───── Stored data ─────

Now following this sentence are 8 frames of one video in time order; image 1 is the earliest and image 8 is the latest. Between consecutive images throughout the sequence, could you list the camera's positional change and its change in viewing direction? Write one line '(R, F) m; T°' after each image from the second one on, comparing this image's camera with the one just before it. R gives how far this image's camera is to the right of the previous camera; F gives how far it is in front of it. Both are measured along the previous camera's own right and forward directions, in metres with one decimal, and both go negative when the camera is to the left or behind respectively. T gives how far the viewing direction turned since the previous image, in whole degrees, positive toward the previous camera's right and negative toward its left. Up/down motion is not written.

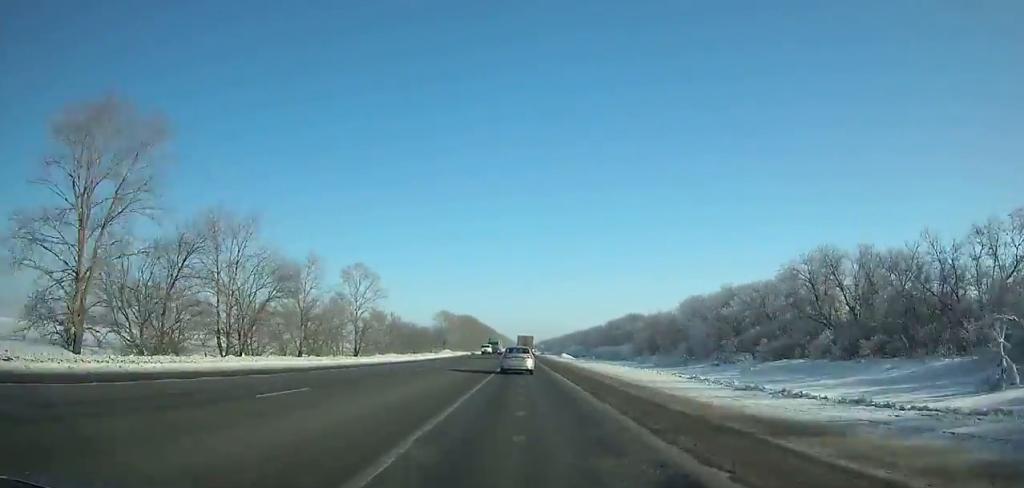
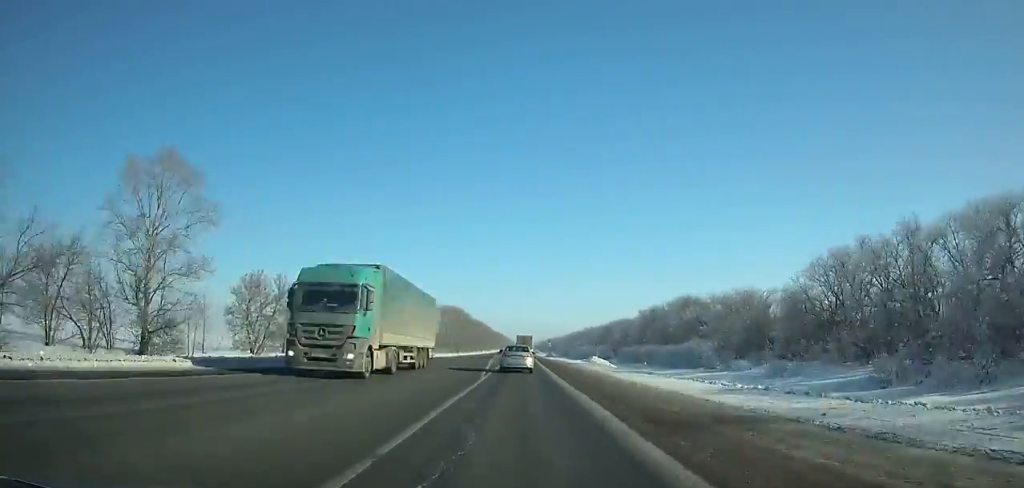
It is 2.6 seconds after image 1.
(+0.2, +57.3) m; 0°
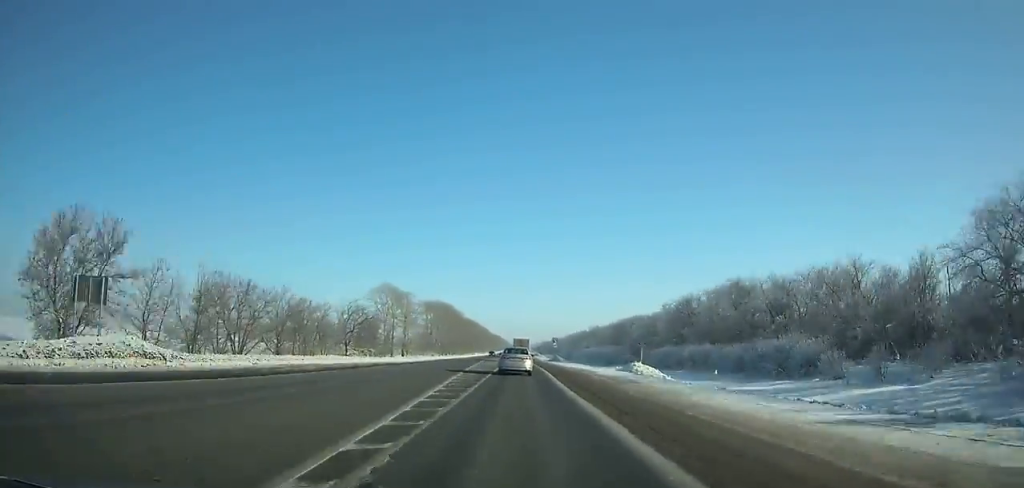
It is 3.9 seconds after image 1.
(+0.1, +28.7) m; 0°
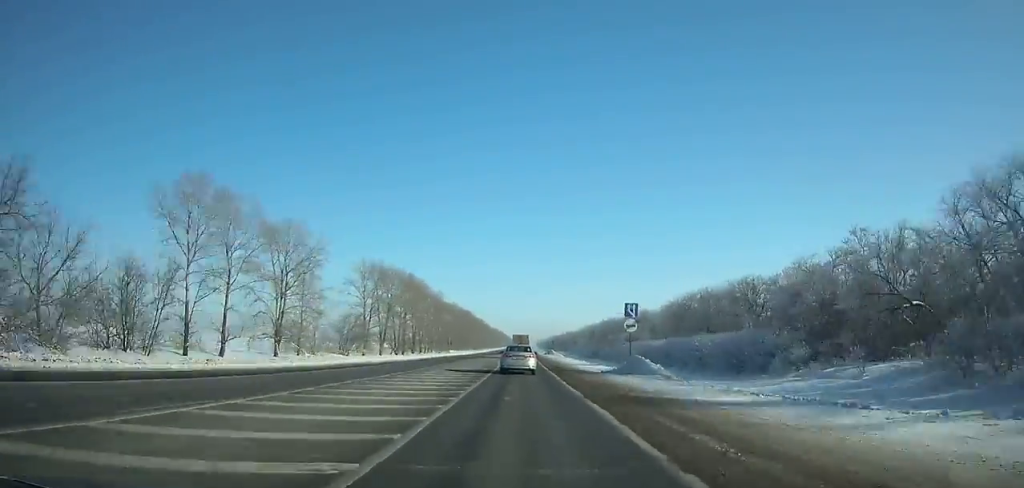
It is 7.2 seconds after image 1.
(-0.1, +74.2) m; 0°
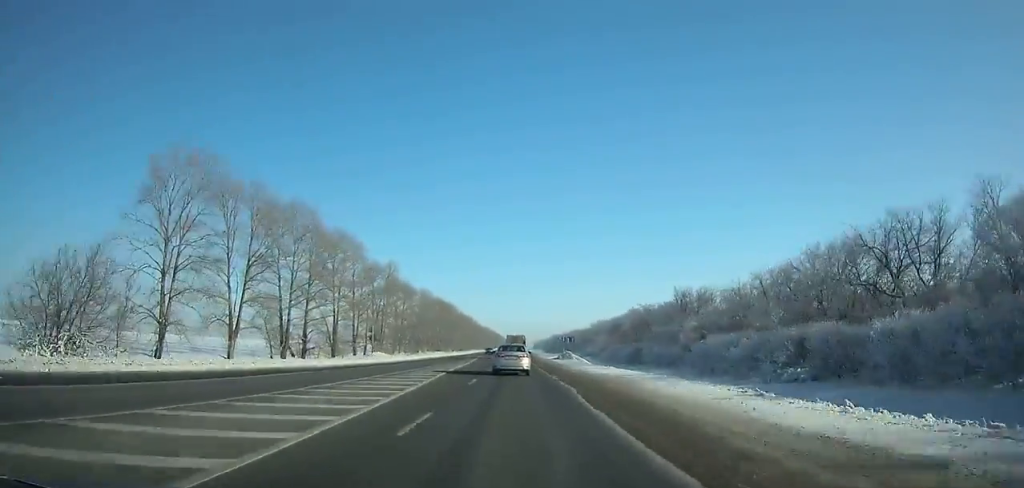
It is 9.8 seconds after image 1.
(0.0, +59.2) m; 0°
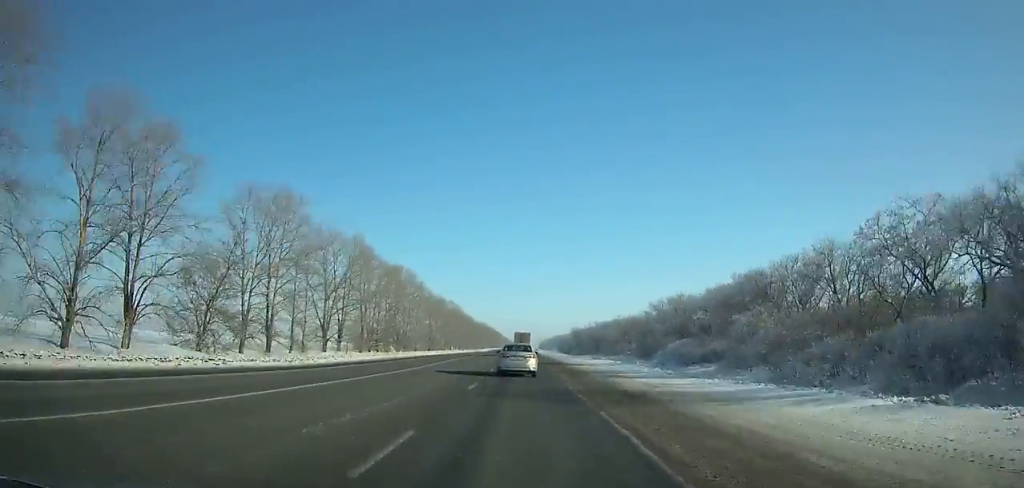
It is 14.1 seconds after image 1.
(-0.2, +99.1) m; 0°
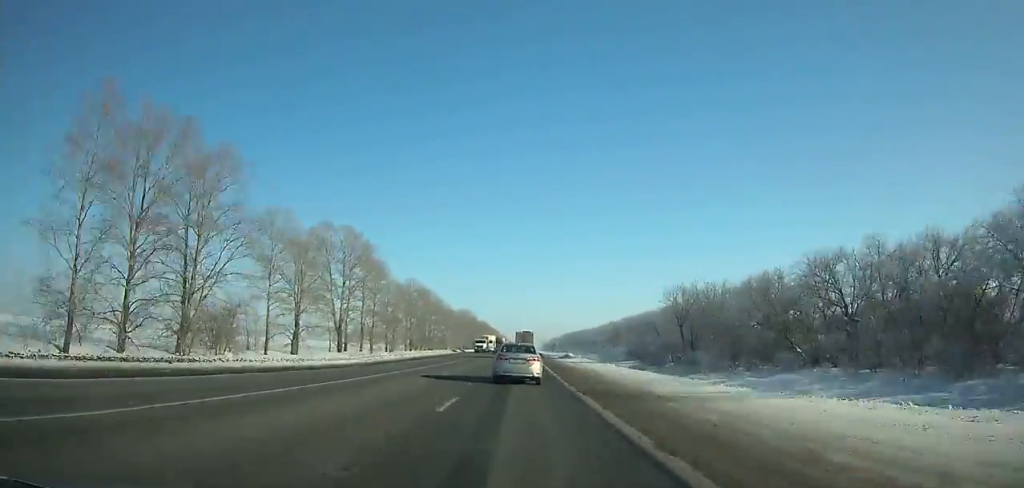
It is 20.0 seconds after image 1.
(+0.2, +136.8) m; 0°
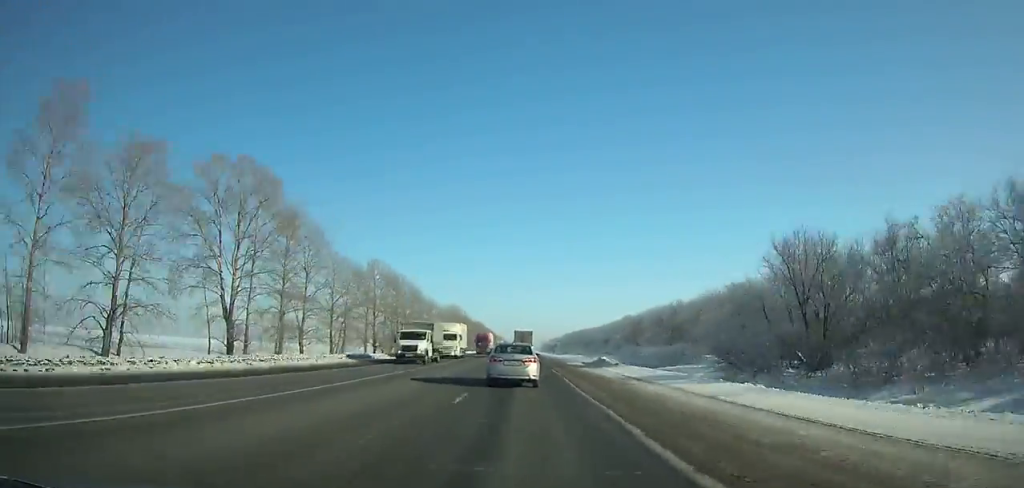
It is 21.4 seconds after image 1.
(0.0, +32.4) m; 0°

─────

- _Prompt_
Each line above should be returned exactly as it stands, minus any pictures.

- _Output for this exercise_
Now following this sentence are 8 frames of one video in time order; image 1 is the earliest and image 8 is the latest. Between consecutive images throughout the sequence, could you list the camera's positional change and its change in viewing direction? Write one line '(R, F) m; T°' after each image from the second one on, comparing this image's camera with the one just before it. R gives how far this image's camera is to the right of the previous camera; F gives how far it is in front of it. Both are measured along the previous camera's own right and forward directions, in metres with one decimal, and both go negative when the camera is to the left or behind respectively. T gives how far the viewing direction turned since the previous image, in whole degrees, positive toward the previous camera's right and negative toward its left. Up/down motion is not written.

It is 2.6 seconds after image 1.
(+0.2, +57.3) m; 0°
It is 3.9 seconds after image 1.
(+0.1, +28.7) m; 0°
It is 7.2 seconds after image 1.
(-0.1, +74.2) m; 0°
It is 9.8 seconds after image 1.
(0.0, +59.2) m; 0°
It is 14.1 seconds after image 1.
(-0.2, +99.1) m; 0°
It is 20.0 seconds after image 1.
(+0.2, +136.8) m; 0°
It is 21.4 seconds after image 1.
(0.0, +32.4) m; 0°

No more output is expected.